WHAT YOU ARE ASKED TO DO:
Reprint the lines below as they are, minus the pictures.

[GIVEN RECORDS]

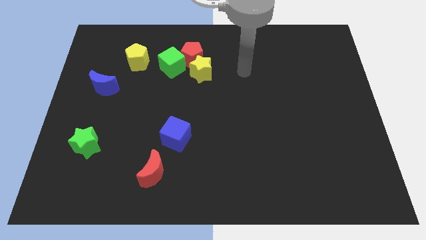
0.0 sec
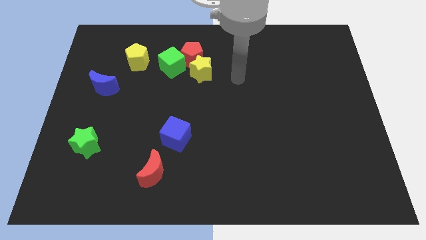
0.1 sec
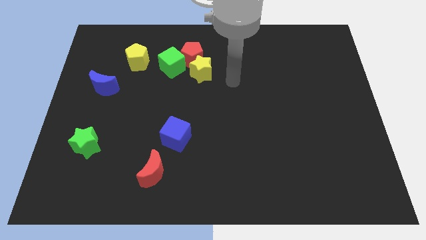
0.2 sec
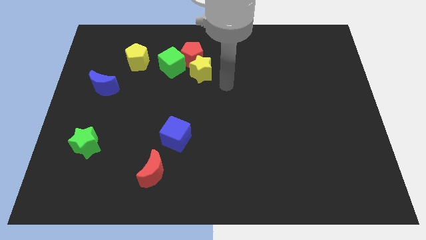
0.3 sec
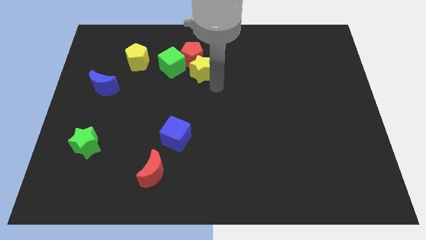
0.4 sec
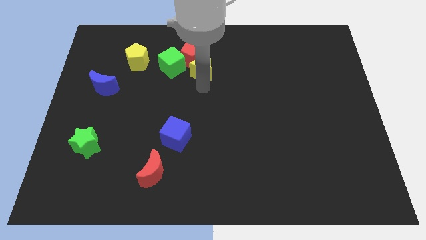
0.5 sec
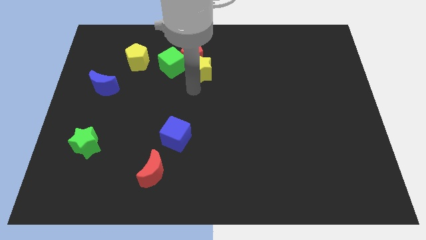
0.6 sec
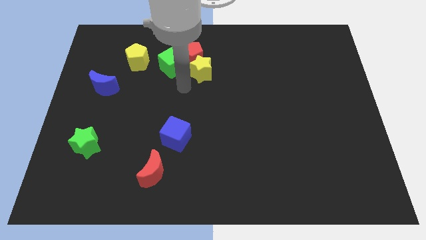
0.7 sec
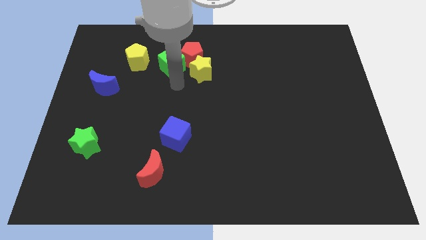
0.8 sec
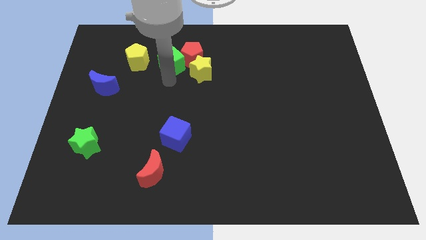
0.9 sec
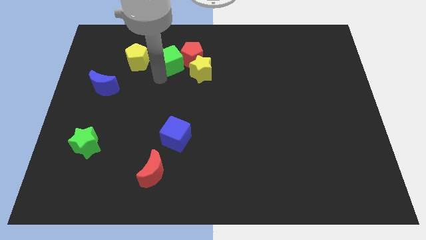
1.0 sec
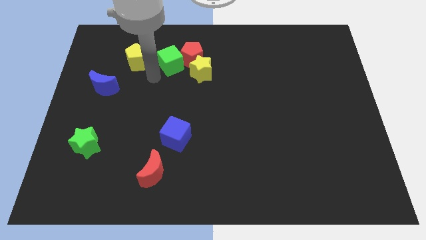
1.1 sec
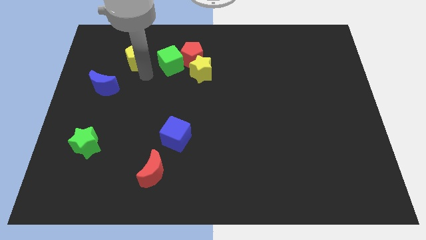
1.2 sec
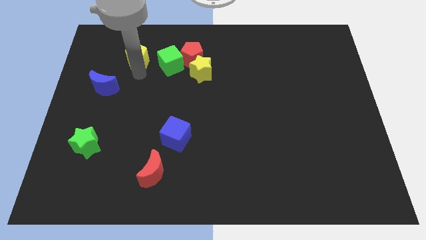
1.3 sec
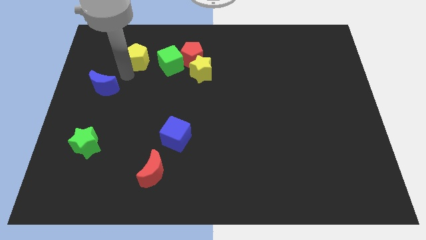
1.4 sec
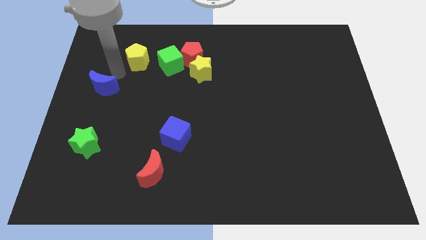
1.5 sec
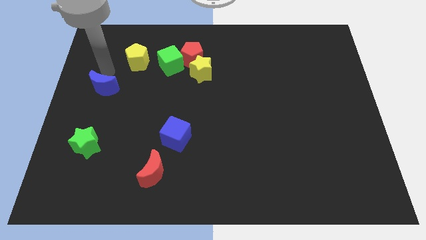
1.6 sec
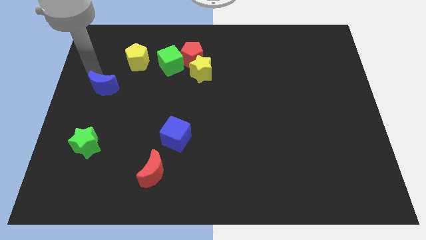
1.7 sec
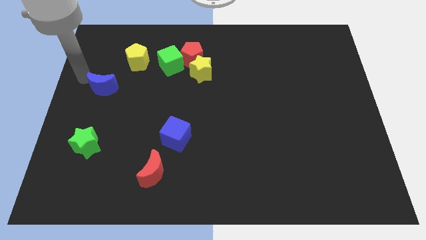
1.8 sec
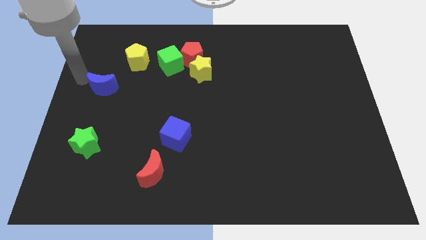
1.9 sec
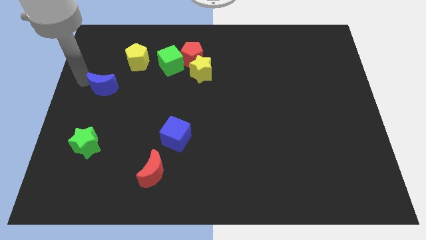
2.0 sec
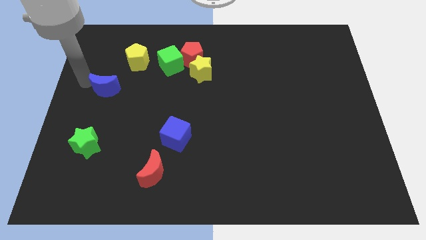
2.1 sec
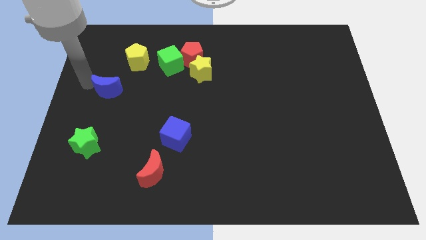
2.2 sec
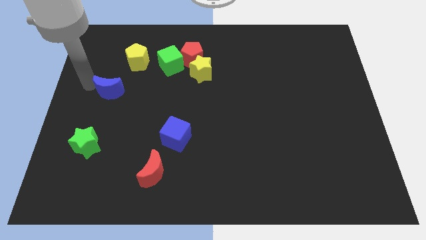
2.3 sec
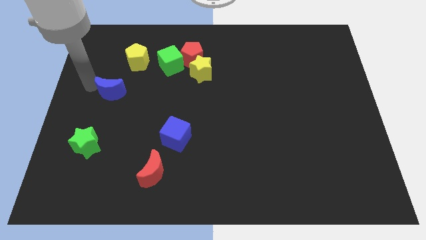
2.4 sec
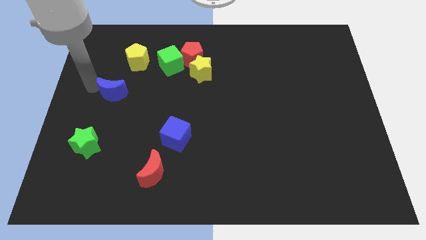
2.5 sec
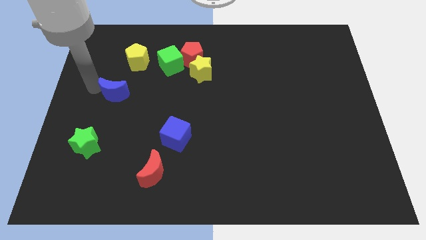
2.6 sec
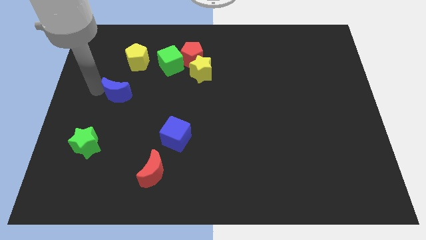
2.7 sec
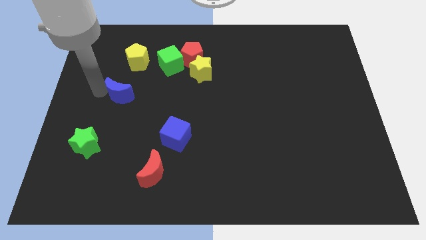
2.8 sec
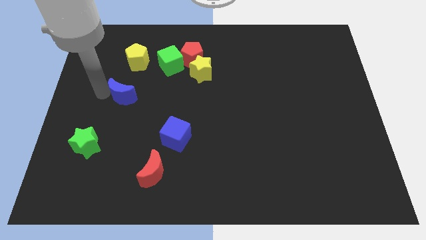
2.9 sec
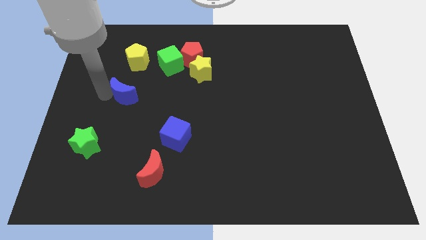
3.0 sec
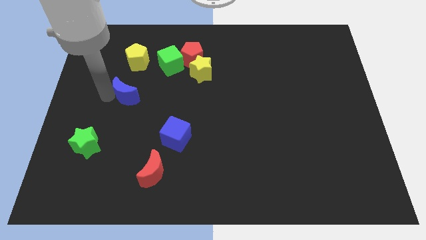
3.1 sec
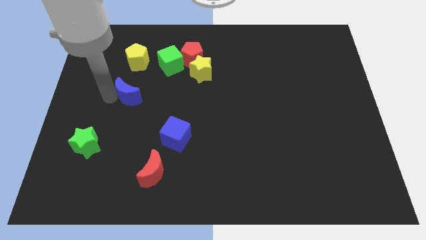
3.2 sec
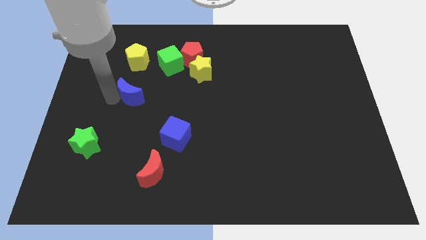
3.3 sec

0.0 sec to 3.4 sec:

[/GIVEN RECORDS]

FINISHED EXERCISE:
0.0 sec
0.1 sec
0.2 sec
0.3 sec
0.4 sec
0.5 sec
0.6 sec
0.7 sec
0.8 sec
0.9 sec
1.0 sec
1.1 sec
1.2 sec
1.3 sec
1.4 sec
1.5 sec
1.6 sec
1.7 sec
1.8 sec
1.9 sec
2.0 sec
2.1 sec
2.2 sec
2.3 sec
2.4 sec
2.5 sec
2.6 sec
2.7 sec
2.8 sec
2.9 sec
3.0 sec
3.1 sec
3.2 sec
3.3 sec

0.0 sec to 3.4 sec:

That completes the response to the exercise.